For the first time EVER, my girlfriend actually fell asleep in the cinema watching this bore-fest of a film, and that was way before the interval arrived. Talking of which, there was an audible groan that went up from the audience when the interval sign turned up on the screen, and not because everyone was soooo enthralled ; more that everyone was just willing it to end. While we were kicking our heels during the interval, I overheard the guy behind me say, "this is clearly Tarantino's Phantom Menace", while another guy was heard to say, "hmmm, after an hour and half at least SOMETHING usually happens in a movie". After an intriguing first 15 mins, nothing (and I mean NOTHING) of any note happens for the remainder of the first half of the film. The dialog is also painfully predictable in places. More than once, a conversation would start and I knew how it would end within the first couple of seconds...and yet the characters on screen would take several minutes to get there. Truly painful stuff.

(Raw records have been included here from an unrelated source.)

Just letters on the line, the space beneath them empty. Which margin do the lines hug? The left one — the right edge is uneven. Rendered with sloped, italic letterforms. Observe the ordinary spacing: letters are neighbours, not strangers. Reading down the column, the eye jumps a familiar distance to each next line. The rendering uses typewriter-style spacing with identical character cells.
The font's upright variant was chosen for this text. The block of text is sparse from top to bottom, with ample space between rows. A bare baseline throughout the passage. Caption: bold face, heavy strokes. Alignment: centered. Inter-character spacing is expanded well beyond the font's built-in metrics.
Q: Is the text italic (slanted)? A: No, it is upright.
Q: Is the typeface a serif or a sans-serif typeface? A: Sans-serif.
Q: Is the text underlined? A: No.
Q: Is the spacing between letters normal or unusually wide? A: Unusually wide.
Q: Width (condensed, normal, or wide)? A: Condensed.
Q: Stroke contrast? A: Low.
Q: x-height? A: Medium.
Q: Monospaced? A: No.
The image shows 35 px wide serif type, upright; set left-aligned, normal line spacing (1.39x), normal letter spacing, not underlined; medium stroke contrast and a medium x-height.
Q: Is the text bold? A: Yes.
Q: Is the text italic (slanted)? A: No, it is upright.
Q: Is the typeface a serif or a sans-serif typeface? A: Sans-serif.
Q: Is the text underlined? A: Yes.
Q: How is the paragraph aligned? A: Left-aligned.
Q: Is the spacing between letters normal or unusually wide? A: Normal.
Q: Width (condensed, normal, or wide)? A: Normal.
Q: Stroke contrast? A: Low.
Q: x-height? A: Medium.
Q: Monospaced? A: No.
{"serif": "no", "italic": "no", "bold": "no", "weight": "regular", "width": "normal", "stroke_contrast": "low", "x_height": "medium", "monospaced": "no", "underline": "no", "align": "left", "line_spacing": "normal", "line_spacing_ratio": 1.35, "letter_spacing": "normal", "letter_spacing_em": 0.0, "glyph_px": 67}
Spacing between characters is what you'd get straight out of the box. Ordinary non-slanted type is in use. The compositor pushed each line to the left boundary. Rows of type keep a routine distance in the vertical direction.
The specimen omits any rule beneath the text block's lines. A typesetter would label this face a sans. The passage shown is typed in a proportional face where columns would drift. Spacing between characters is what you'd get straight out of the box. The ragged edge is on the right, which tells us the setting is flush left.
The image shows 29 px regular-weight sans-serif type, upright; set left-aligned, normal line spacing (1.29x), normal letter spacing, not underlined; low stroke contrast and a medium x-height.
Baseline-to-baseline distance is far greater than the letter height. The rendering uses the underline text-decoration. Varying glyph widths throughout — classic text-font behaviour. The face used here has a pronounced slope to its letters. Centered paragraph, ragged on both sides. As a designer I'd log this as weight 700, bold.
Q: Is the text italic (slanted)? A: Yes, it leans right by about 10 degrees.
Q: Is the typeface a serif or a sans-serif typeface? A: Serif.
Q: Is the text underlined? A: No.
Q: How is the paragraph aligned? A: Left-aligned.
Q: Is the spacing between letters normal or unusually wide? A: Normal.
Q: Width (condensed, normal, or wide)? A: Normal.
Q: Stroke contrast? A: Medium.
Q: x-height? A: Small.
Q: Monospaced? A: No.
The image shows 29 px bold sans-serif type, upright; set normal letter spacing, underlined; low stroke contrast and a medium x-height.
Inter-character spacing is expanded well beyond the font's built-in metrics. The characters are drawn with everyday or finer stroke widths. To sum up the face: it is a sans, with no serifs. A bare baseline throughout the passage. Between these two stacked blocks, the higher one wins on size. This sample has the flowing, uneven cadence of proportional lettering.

The swearing, the liberal use of the "N" word, and the violence (when it eventually arrives after hours of plodding and highly unrealistic chit-chat), are not the problem with this film in my opinion. After all, this is a Tarantino movie which (while coming across as all rather juvenile), is designed for adults, so adult language and themes should surprise absolutely no-one. The problem is purely the fact that it's just too bloody long for such a threadbare plot! If this movie came in at somewhere between 1.5 and 2 hours, then it would've been just about OK (still not great, but OK at best), but at over 3 hours it's just a director's masturbation piece. It desperately needs a NON-Director's Cut to trim at least an hour out of the first half. There's a line in the movie where Samuel L Jackson's character says, "Let's slow this down. Let's slow it way down"... and at that point I physically curled my toes in my shoes, thinking please god, don't make this any slower! Watching this movie is an ordeal, almost as punishing as what the old General's son has to go through at the "business end" of Jackson's "Johnson"!

Granted, the second half is a little more engaging, but unfortunately by that point the damage has already been done by forcing the audience to sit through the turgid load of garbage that comprises the first half. But just when things are potentially looking up, Tarantino decides to feature an appearance by Zoe Bell who must have a fantastic chance of being crowned 'The Least Convincing Actress Ever To Grace The Silver Screen'! She is a truly atrocious performer, who's apparently picked up no additional acting skills since her abysmal showing in the marginally better Death Proof. If grinning inanely and reading a few lines like a child in a school play is "acting" then sign me up for an Oscar please.

By the way, how the hell did this thing cost $62m to make? Apart from a few outdoor scenes, the whole thing takes place in one room in a log cabin! So much for making the most out of the much vaunted 70mm format which is perfect for grand landscape vistas...and entirely wasted on indoor scenes.

In many ways this film comes across as all rather childish. Here Tarantino seems like a first-year film school student who's been given a camera (and a 70mm one at that), free reign to use some "fruity" language, and the keys to the fake-blood cupboard. I'm almost surprised he didn't try to shoehorn a couple of naked women into the movie as well...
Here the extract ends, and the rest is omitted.